Cincinnati Kid said:
The biggest disappointment I have had with my 2006 Hyundai Elantra is the AM radio reception. I took it back twice in the early months, but found little relief. There seems to be no supression of any interference and you constantly hear a high-pitched whine and what seems like the sounds you pick up on shortwave. This not only seems to come from the engine itself, but also when you are near overhead TV cables. If you listen to AM with the key in accessory, there seems to be no noise at all. Just turning it to "on" without even turning the motor over, causing the high-pitched whine to be heard. It's even worse when you put the transmission into reverse.

I suspect your instrument panel or something shows what gear you are in with an LED display.

Data bus clock noise, strobed LED displays, and all these other controls and indicators were NOT designed in ways to supress the
noise they inevitably create. If you have 5-10 years to experiment, you may try adding inductors, clamp-on toroids, and adding
bypass capacitors to isolate the noise, but even then, the proximity to the noise producer may mean the antenna is picking up
the noise directly by radiation from the LEDs. Is the antenna a whip or in the windshield?
A whip antenna will pick up the least noise from the car, and maybe the rear fender of the car will be quieter for AM.

Not much you can do about TV cables, except be annoyed that they, too are not really in compliance with
standards regarding leakage.

It sure isn't the same FCC anymore that I was taught about.

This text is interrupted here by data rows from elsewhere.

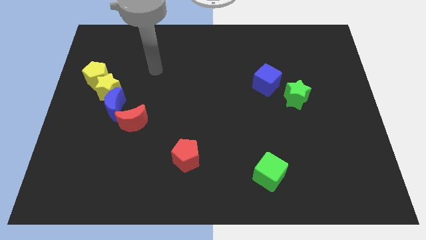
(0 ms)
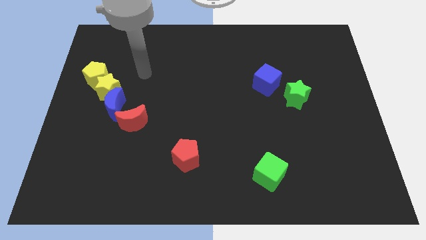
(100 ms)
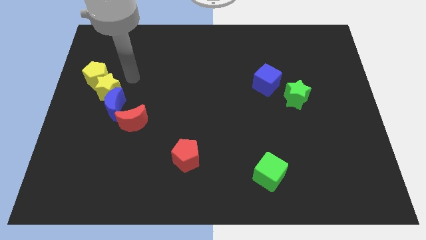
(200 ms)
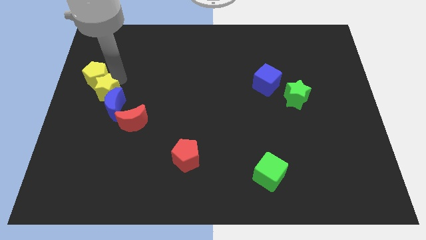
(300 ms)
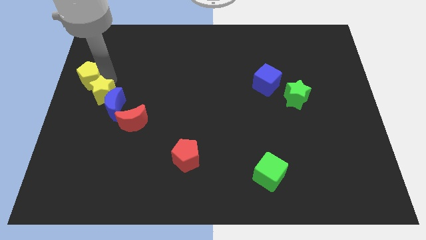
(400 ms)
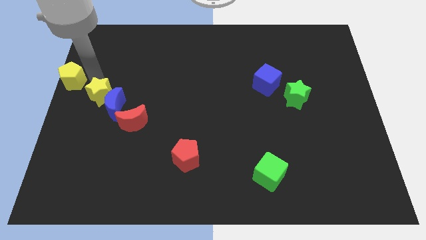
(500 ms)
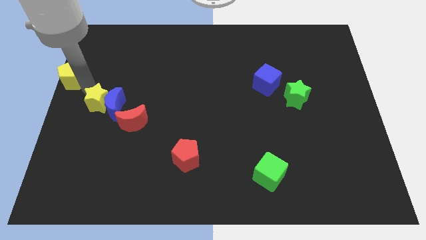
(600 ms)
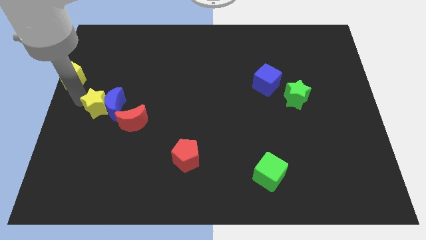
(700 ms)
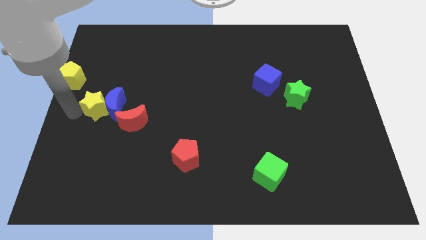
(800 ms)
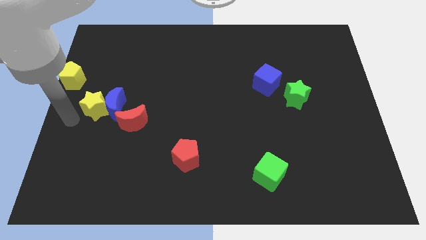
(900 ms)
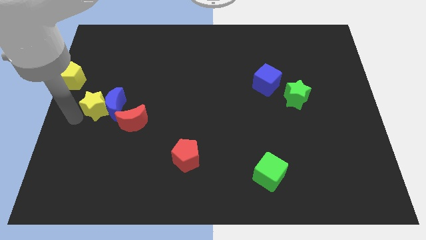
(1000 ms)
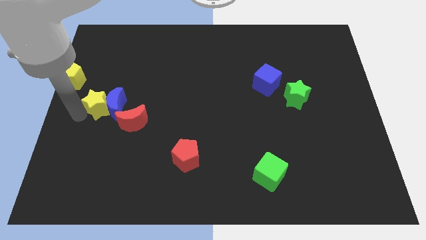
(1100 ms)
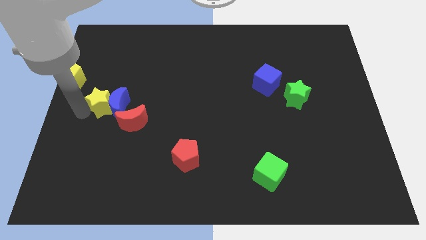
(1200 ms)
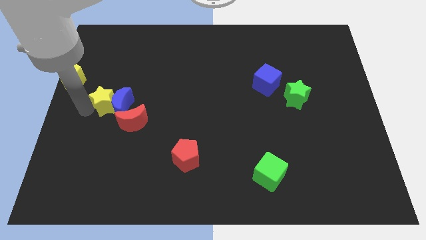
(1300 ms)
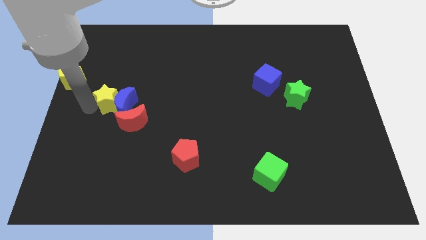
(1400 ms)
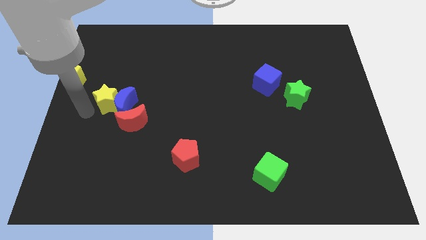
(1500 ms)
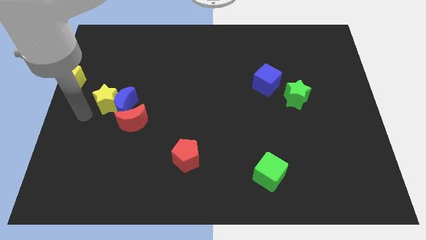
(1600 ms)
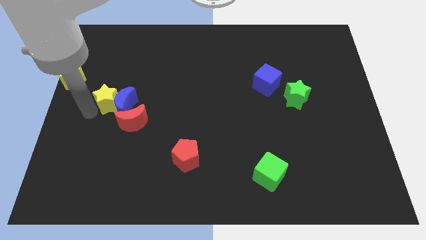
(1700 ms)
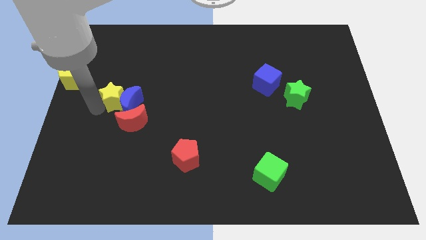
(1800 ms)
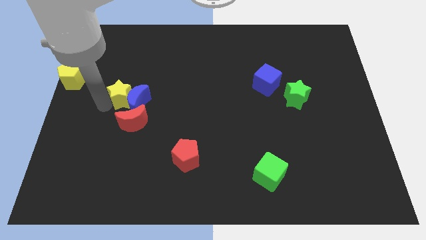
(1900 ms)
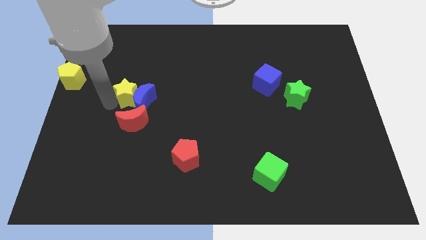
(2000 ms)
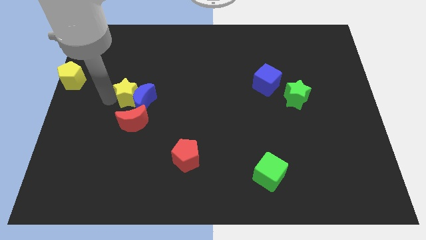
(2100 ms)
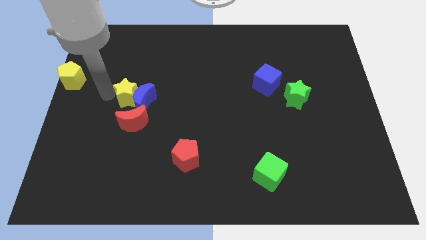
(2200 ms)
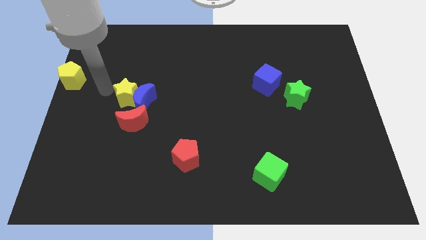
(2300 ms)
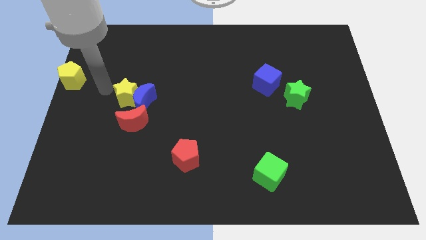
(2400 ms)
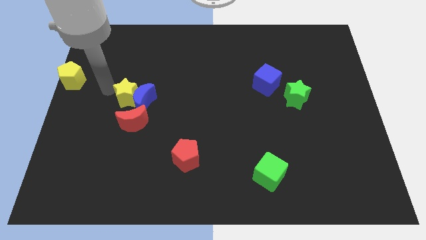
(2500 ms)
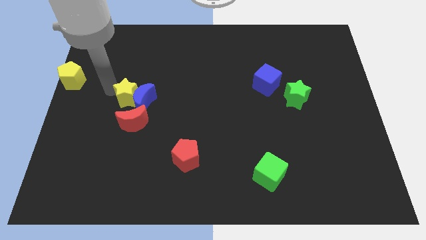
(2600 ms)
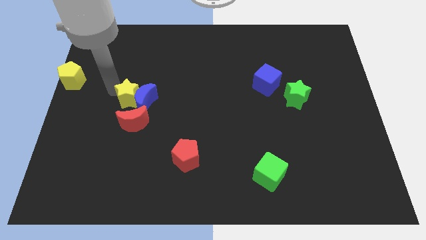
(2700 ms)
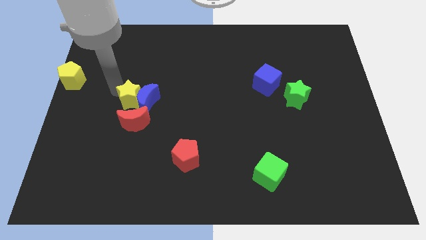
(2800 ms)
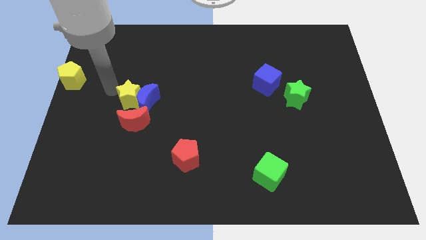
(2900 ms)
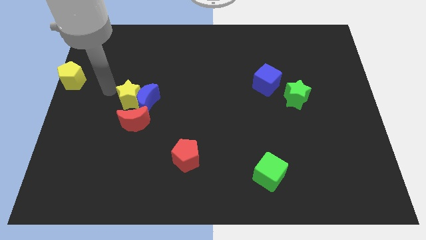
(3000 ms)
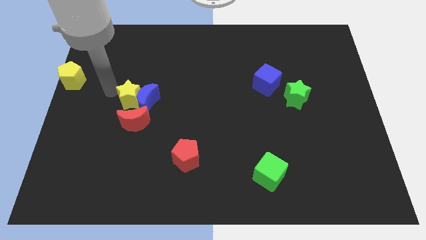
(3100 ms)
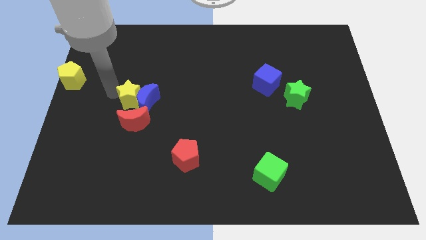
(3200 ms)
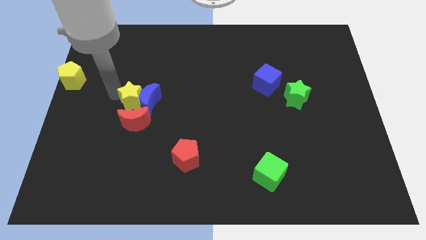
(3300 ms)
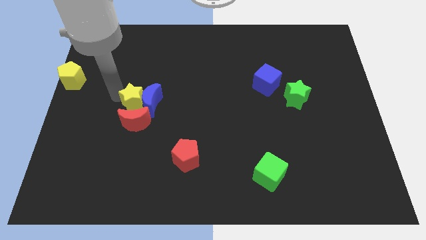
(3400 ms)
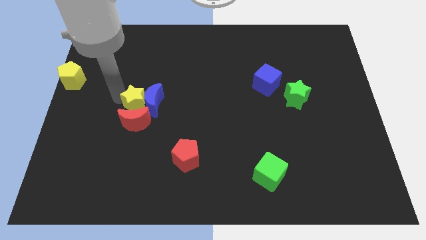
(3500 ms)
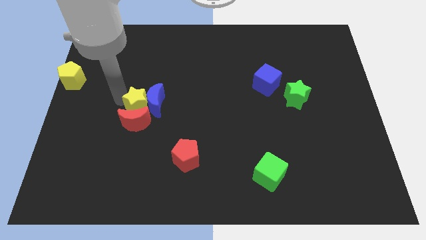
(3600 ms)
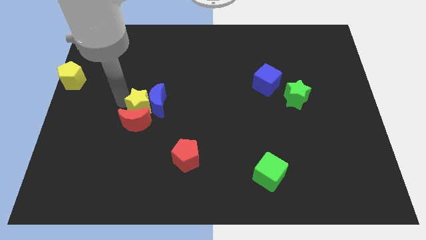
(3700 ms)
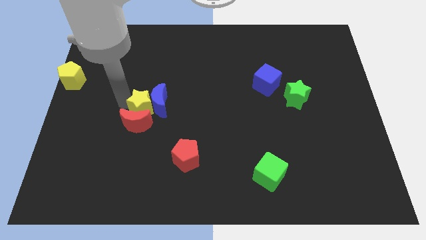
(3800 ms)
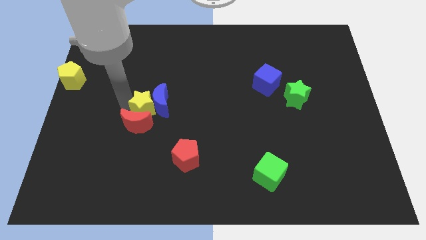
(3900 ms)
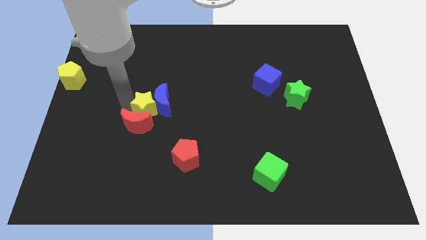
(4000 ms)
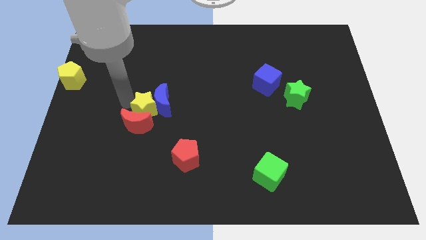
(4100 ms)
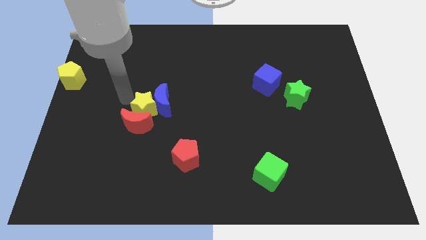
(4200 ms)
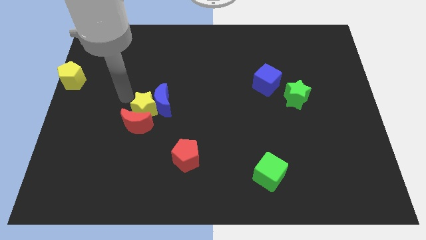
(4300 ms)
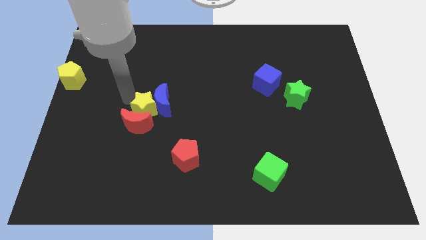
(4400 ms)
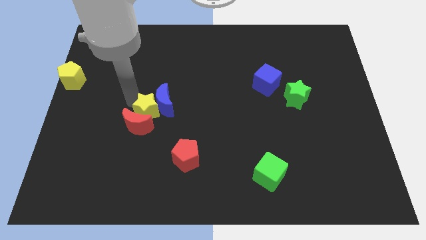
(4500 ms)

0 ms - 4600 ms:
separate the yellow star from the blue moon and yellow pentagon

As a younger man, I thought any such interference producers could be shut
down in distribution or manufacture until the products were in compliance.
In reality, it's anything goes.

There would seem to be a market for super-duper analog AM tuners for cars that could be plugged into the ipod jack! :)
 
Thanks everyone for your replies so far. The car is an 2005 crown vic, antenna is rear mounted and seems more condusive for FM based on it's length. The good thing is that the FM tuner and sound system is sweet, great speakers and a combo CD and cassette (damn no 8 track!). I never thought I'd buy ANY car w/ a bad AM radio but THAT seems to be the only drawback.
I might upgrade the antenna; I think that may be the problem.
 
Let us know if that turns out to be the problem. If the rest of the stereo is sweet, it's definitely a keeper, and a radio is only as go0d as it's antenna. Some of the newer models don't always come with an optimum AM antenna either. Best of luck to you.
 
thanks, will do some research on car antennas; the problem is the FM senstivity to good-VG with the exisiting antenna. Will be completing the purchase on fri.
 
I hate to sound like an "old fart" already (at 42), but I hate to see AM go the way of turntables, cassetes, and (as of 2-17-09) analog :mad: Sure as I'm sitting here, I believe AM will be pretty much gone in the not so distant future. What do you "pros" think? Another 15 or 20? Or less??

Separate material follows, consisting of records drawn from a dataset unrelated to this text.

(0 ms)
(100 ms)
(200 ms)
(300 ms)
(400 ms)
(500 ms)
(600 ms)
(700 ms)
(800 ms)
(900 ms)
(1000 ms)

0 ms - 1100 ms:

Luckily I get excellent AM in my 2003 Taurus, and respectable in my '95 Cutlass. Guess I'd better enjoy it while I can ::)
 
im by no means an everyday am listener, buy why get rid of it. i find that cars with the antenna in the glass have shitty reception.

ps, i still have a turntable..i use it all the time.
 
I used to have an old F-100 pickup and the radio always sounded better after a tune-up. New spark plugs and spark plug wires seemed to make a difference.
 
flytrap said:
I used to have an old F-100 pickup and the radio always sounded better after a tune-up. New spark plugs and spark plug wires seemed to make a difference.

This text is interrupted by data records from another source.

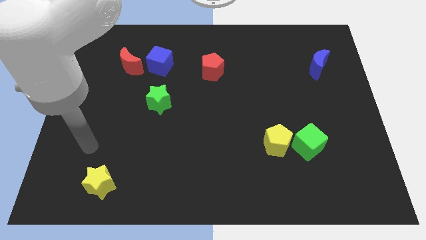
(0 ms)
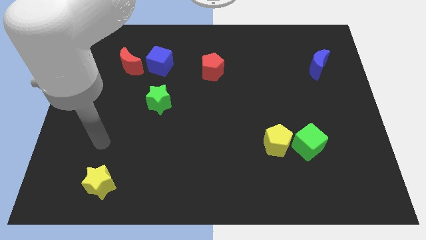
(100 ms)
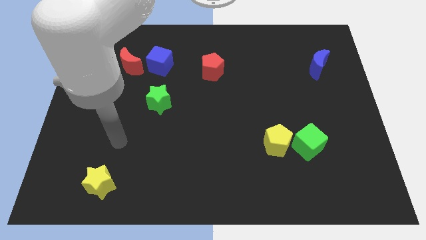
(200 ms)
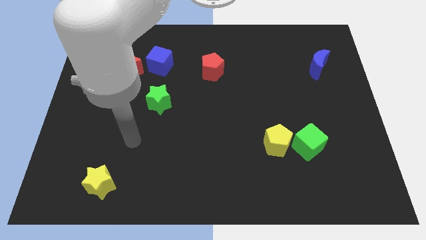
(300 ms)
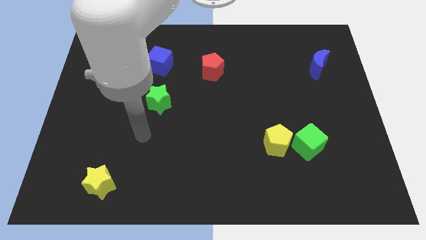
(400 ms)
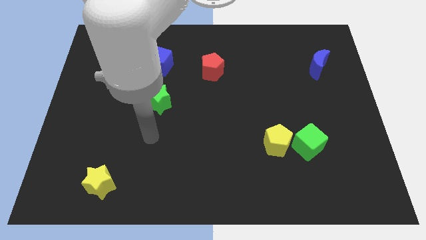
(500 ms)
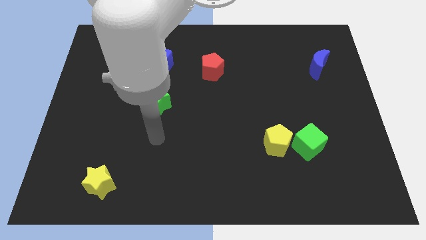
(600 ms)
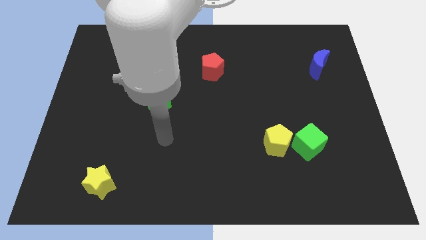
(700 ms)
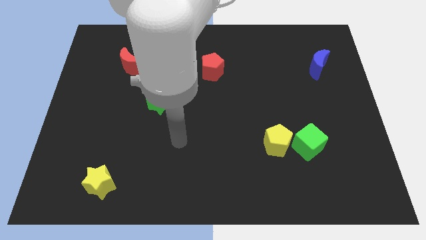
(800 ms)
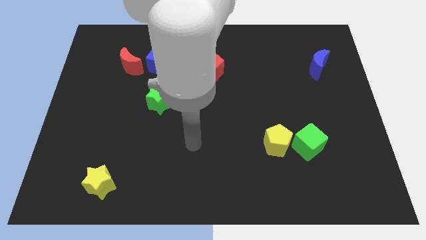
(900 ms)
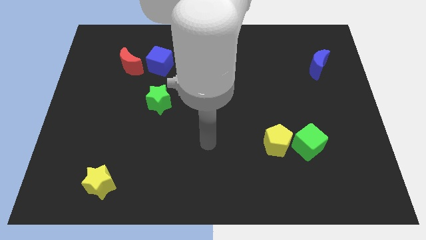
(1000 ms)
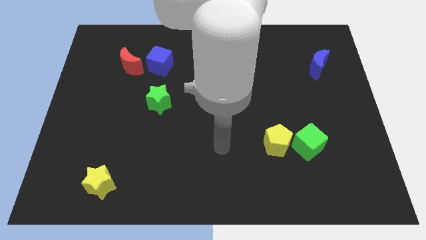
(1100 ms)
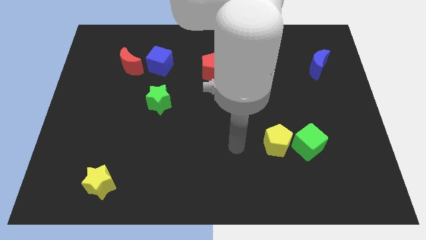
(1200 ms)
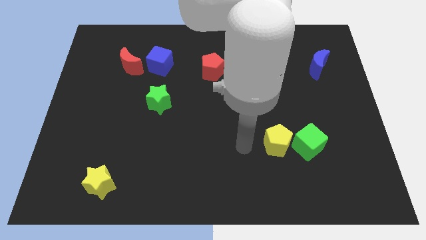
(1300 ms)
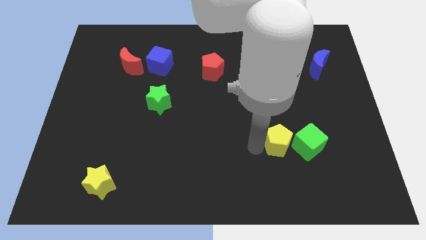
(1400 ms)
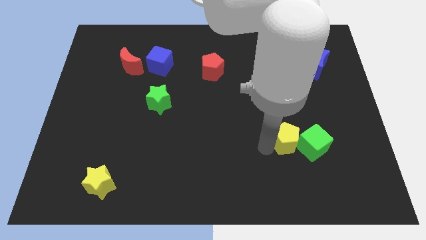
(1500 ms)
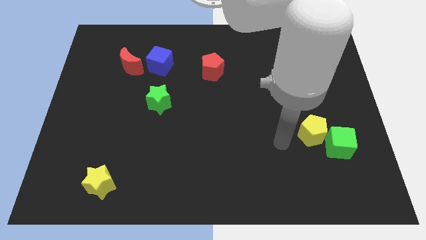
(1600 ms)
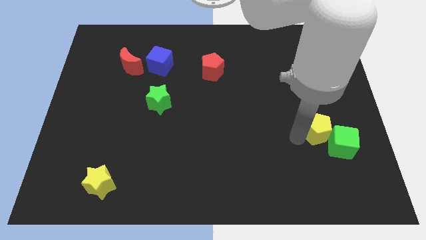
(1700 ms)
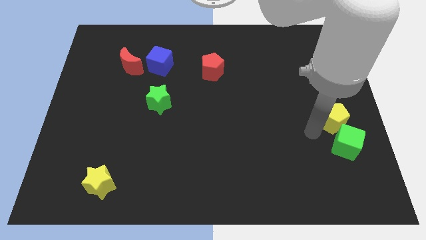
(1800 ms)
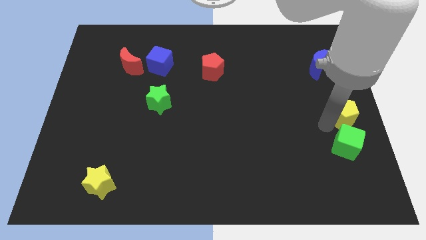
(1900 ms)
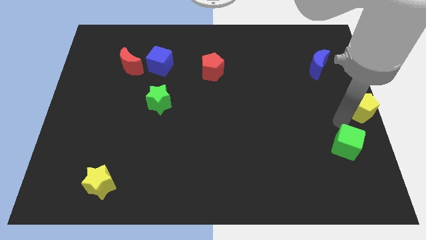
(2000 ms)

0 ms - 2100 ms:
pull the green cube apart from the yellow pentagon

I think they do to0, maybe it's the better connection of a new spark plug that is like a noise filter. I've noticed a slight improvement in the cars I have driven after a tune-up.
 
You guys can still get AM????

You must not live near any electrical lines! ;D
(Around here, it seems that all the power lines are about 100 years old, and arc constantly. I guess we could use a few good hurricanes to take them out, so we can "upgrade" to new hardware.)